Совершенно случайно Николасу удалось отыскать подходящую квартиру. Он обедал с одним из своих знакомых в ресторанчике на берегу Шпрее и во время прогулки натолкнулся на симпатичный двухэтажный дом с садом, на воротах которого висело объявление: СДАЕТСЯ КВАРТИРА. Дом принадлежал одной вдове, которая жила на первом этаже и хотела сдать квартиру исключительно кому-нибудь из числа чиновников. О даме она и слышать не хотела. Николасу удалось ее уговорить, уплатив деньги за три месяца вперед. Относительно Алексы он заверил, что о посещениях мужчин, за исключением его, не может быть и речи, оргии устраиваться не будут, а до девяти часов утра и после десяти часов вечера — никакой музыки.

После завершения работ на Тетловканале на этом участке Шпрее практически прекратилось движение судов. На противоположном берегу располагался Альт-Моабит, чьи густонаселенные трущобы были недавно заменены на кварталы новых домов, виллы с хорошо озелененными улицами и парком. С балкона Алексе была видна вилла семейства Борзиг, а на левом берегу Шпрее замок Бельвью.

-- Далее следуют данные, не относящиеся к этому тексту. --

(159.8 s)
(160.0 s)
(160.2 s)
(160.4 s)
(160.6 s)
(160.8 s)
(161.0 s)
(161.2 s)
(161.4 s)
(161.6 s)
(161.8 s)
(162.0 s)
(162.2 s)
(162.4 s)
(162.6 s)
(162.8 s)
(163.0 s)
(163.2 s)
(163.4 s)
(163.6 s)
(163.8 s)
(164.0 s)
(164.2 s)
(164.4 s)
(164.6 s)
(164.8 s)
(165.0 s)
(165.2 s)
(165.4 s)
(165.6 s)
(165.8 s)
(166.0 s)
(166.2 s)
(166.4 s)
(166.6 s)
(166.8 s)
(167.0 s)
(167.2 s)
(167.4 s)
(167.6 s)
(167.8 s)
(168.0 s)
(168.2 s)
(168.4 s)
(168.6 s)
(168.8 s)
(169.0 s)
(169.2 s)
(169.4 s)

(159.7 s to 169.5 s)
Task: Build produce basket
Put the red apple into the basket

Парк Тиргартен с его широкими променадами, зелеными лужайками и деревьями был совсем неподалеку, и Алекса сказала Николасу, что она заранее радуется долгим прогулкам в тенистых аллеях.

После переезда в новую квартиру с лица Алексы исчезло затравленное выражение. В карточке регистрации она указала свою девичью фамилию, а в качестве последнего адреса вымышленную улицу в Кенигсберге. На вопрос Николаса, нужно ли это и сейчас, она только пожала плечами. Хотя она и сказала, что заранее рада прогулкам в Тиргартене, выходила она редко и прогуливалась только на другом берегу Шпрее. Племянница хозяйки Мария приходила по утрам и помогала Алексе по хозяйству.

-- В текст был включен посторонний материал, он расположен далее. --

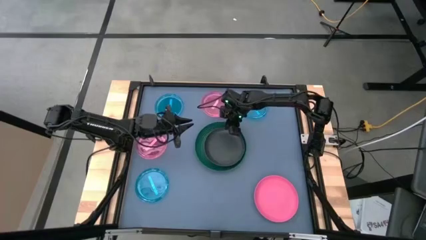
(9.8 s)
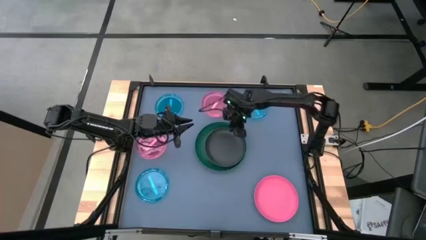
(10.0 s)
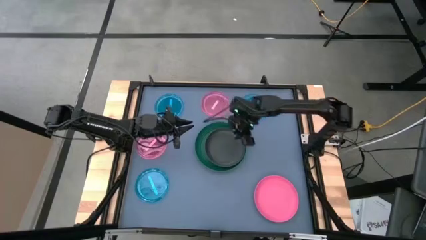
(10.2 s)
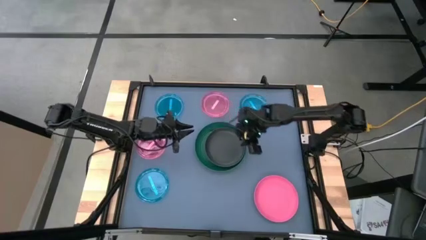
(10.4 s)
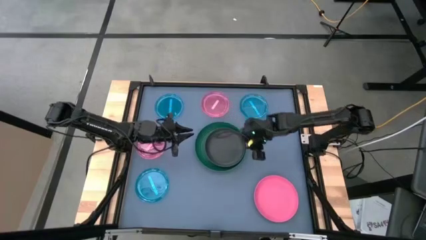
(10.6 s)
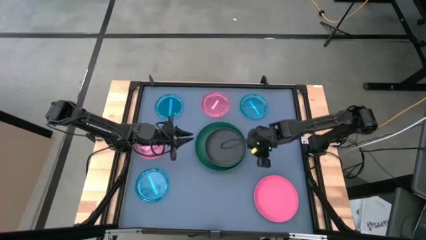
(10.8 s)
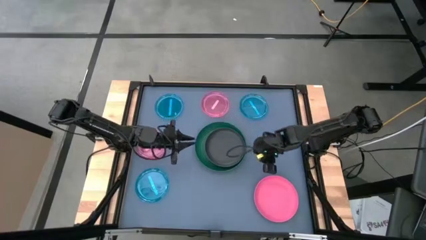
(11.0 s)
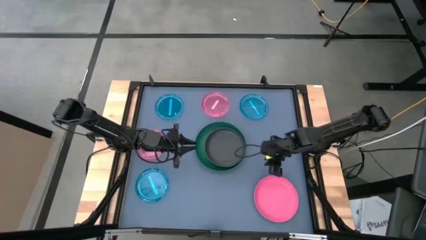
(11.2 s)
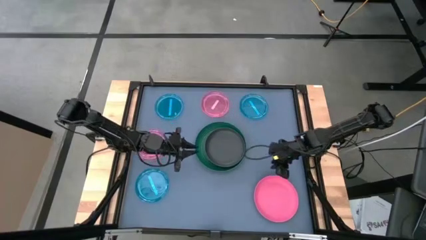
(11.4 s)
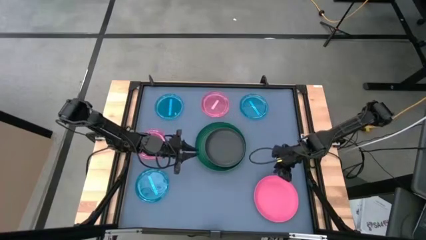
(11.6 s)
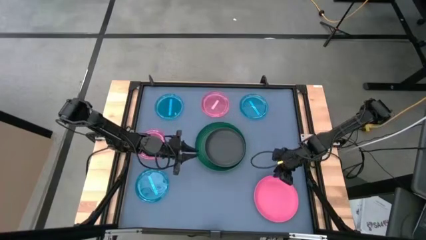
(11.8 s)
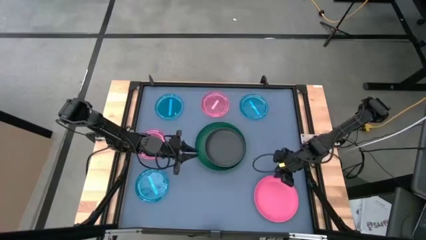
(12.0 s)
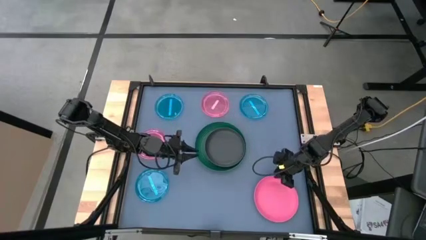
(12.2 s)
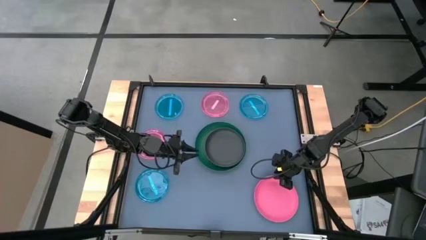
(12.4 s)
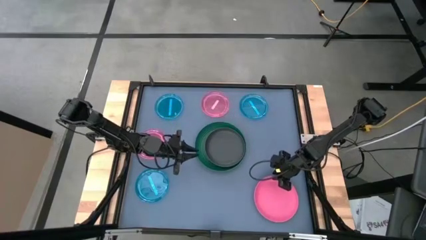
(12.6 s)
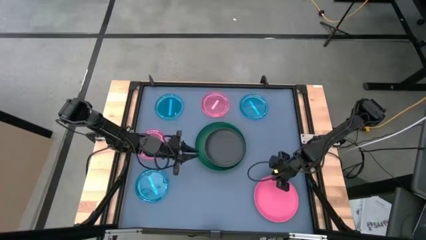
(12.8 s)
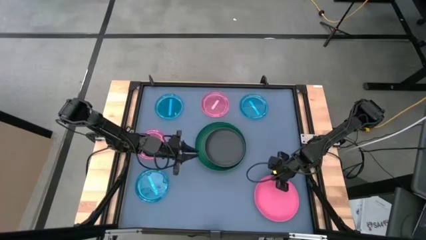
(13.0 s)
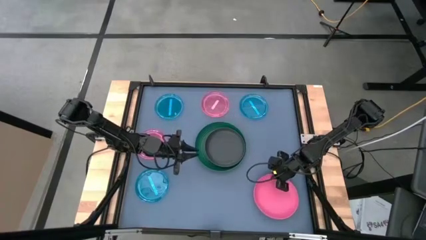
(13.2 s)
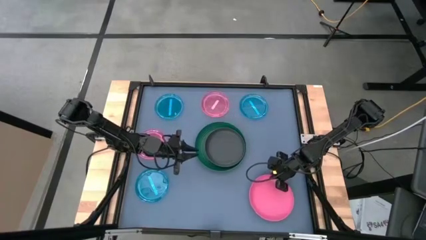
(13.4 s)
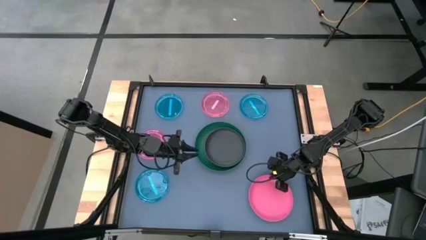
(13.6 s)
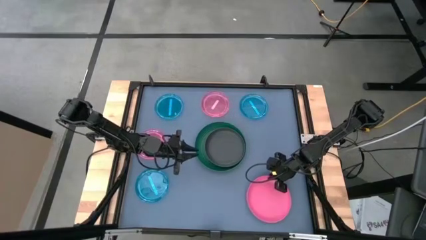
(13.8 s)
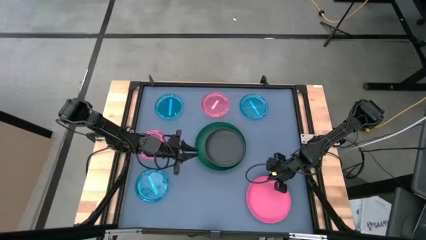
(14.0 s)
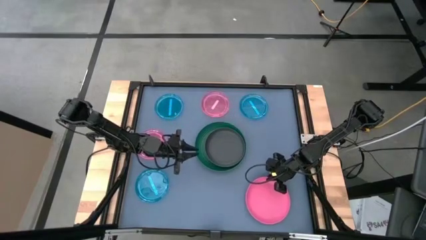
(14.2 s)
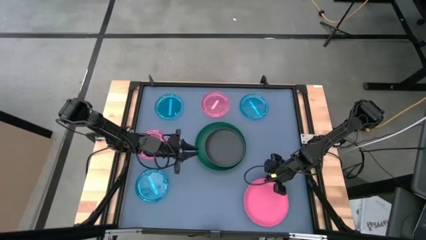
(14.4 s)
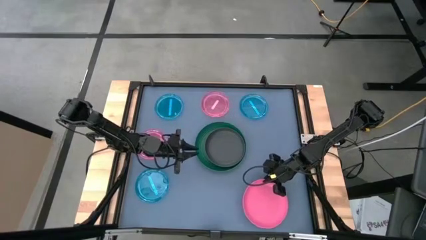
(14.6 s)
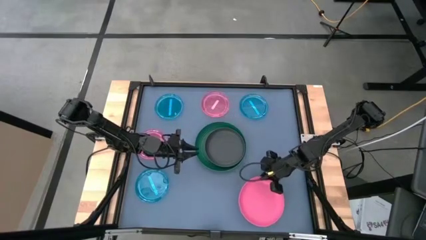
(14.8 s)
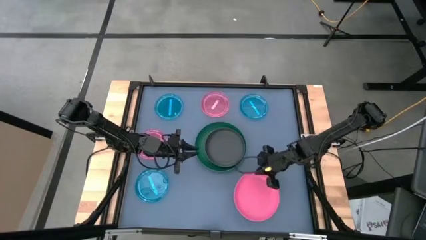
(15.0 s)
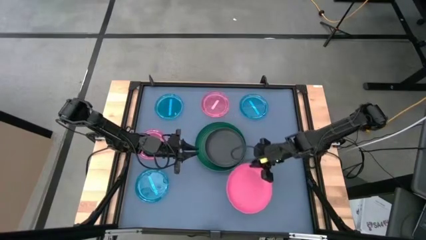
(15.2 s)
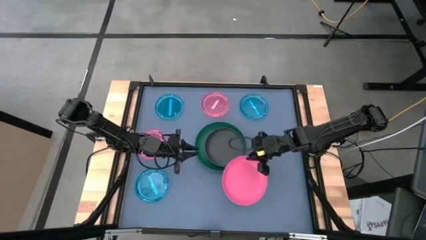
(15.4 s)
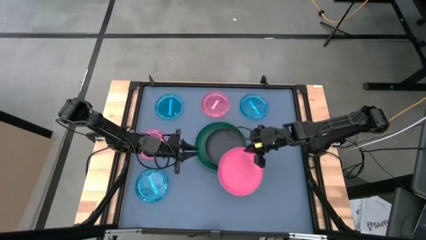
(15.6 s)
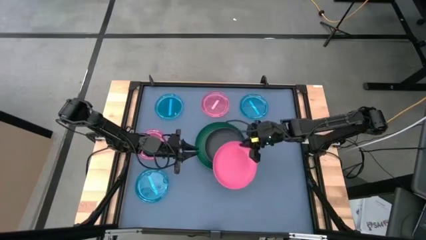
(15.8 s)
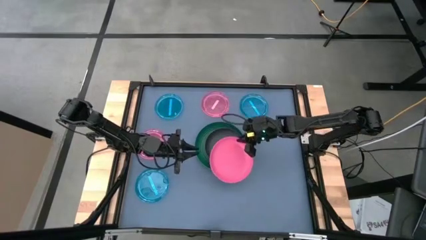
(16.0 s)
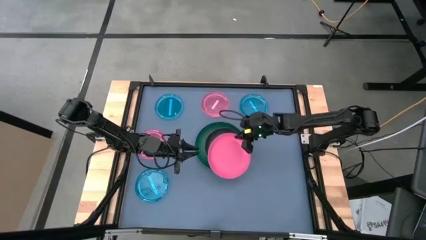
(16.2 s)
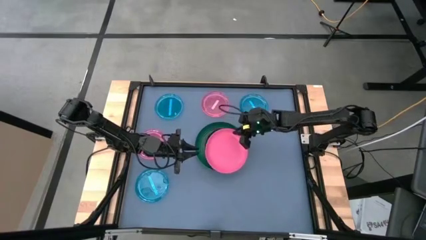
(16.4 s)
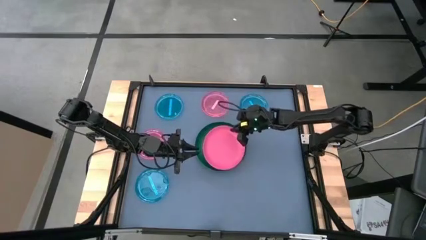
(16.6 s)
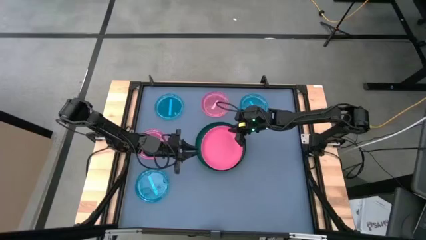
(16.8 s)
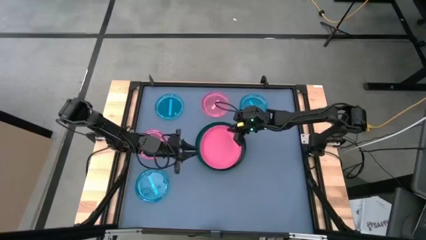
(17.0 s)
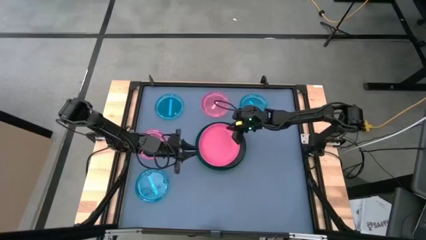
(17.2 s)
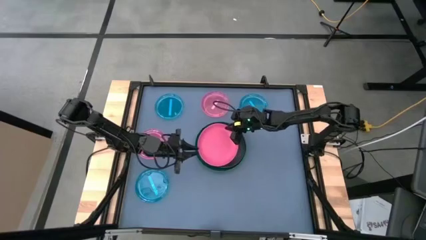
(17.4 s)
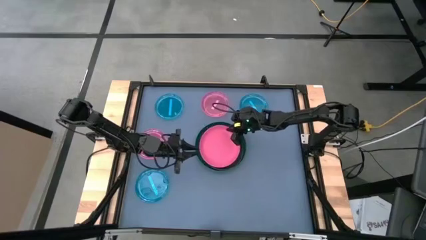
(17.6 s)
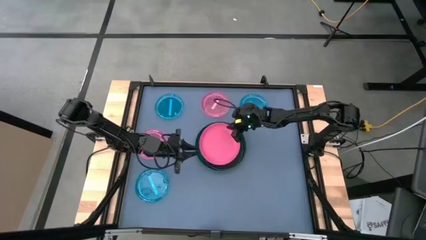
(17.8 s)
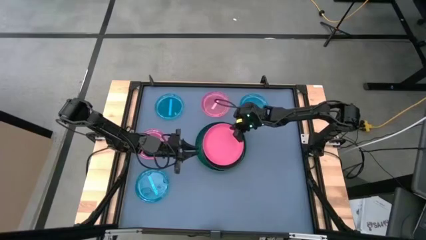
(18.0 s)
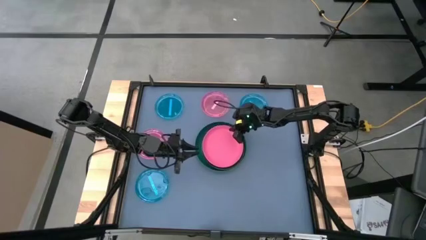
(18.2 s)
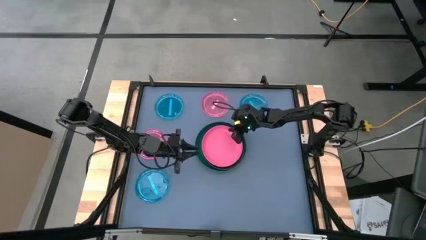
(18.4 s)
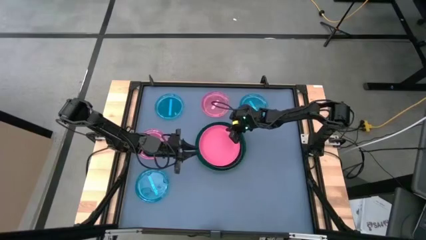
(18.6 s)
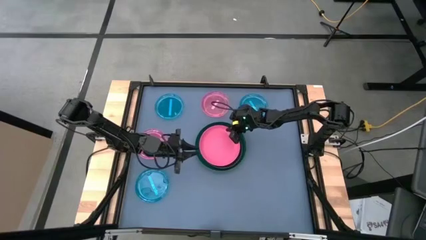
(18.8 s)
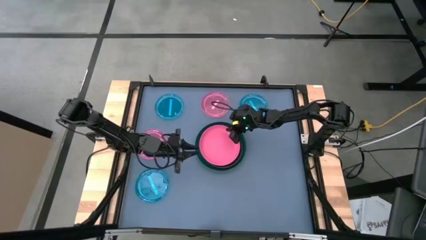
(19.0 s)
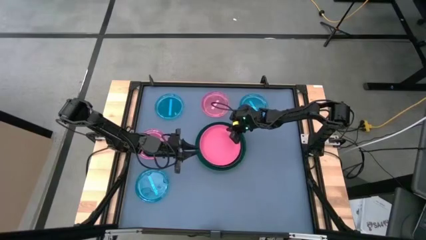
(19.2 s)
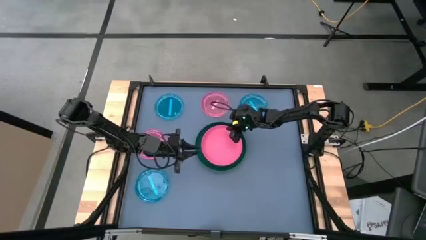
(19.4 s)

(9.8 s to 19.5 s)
Task: Stack plastic plates
Stack the pink plate on the black plate

Николас и Алекса обедали дома или в каком-нибудь приличном ресторане в окрестности. Выходя из дома, Алекса всегда надевала плотную черную траурную вуаль, за которой, казалось, она хотела укрыться. Желание спрятаться, утаить что-то сокровенное делали для Николаса далеко не полной радость снова быть с ней вместе.

Несколько дней спустя, после того как Алекса поселилась в этом доме на берегу, Николас, к собственному удивлению, сказал, что, по его мнению, было бы неплохо им пожениться. Он был поражен, что она вдруг стала горячо возражать. Когда офицер собирается жениться, о его будущей жене собирается обычная информация, объяснила она. При этом люди, проводящие расследование, конечно же, могут удивиться, что она спустя такое короткое время после смерти Ганса Гюнтера снова собралась замуж. Лучше все-таки немного подождать.

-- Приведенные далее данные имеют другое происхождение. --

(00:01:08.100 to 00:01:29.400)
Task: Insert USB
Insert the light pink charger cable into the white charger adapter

— А разве то, что ты живешь в грехе, не производит также плохое впечатление? — спросил Николас.

— Нет, пока об этом никто не знает. А к тому же меня еще и обвинят, что я сорвала твою помолвку.

— И между прочим — не без основания, должен сказать, — ответил он с циничной улыбкой.

Николас собирался написать Франциске сразу же, как только в его жизни снова появилась Алекса. Несколько раз он начинал писать, но рвал письма снова и снова. И, ясно понимая, что все, что он ей должен сказать, будет выглядеть ужасным, в какую бы прекрасную форму это ни облечь, — он решил подождать. Непонятное поведение Алексы также давало повод пока не рвать окончательно с Франциской. Поэтому он слал ей короткие, ничего не говорящие письма.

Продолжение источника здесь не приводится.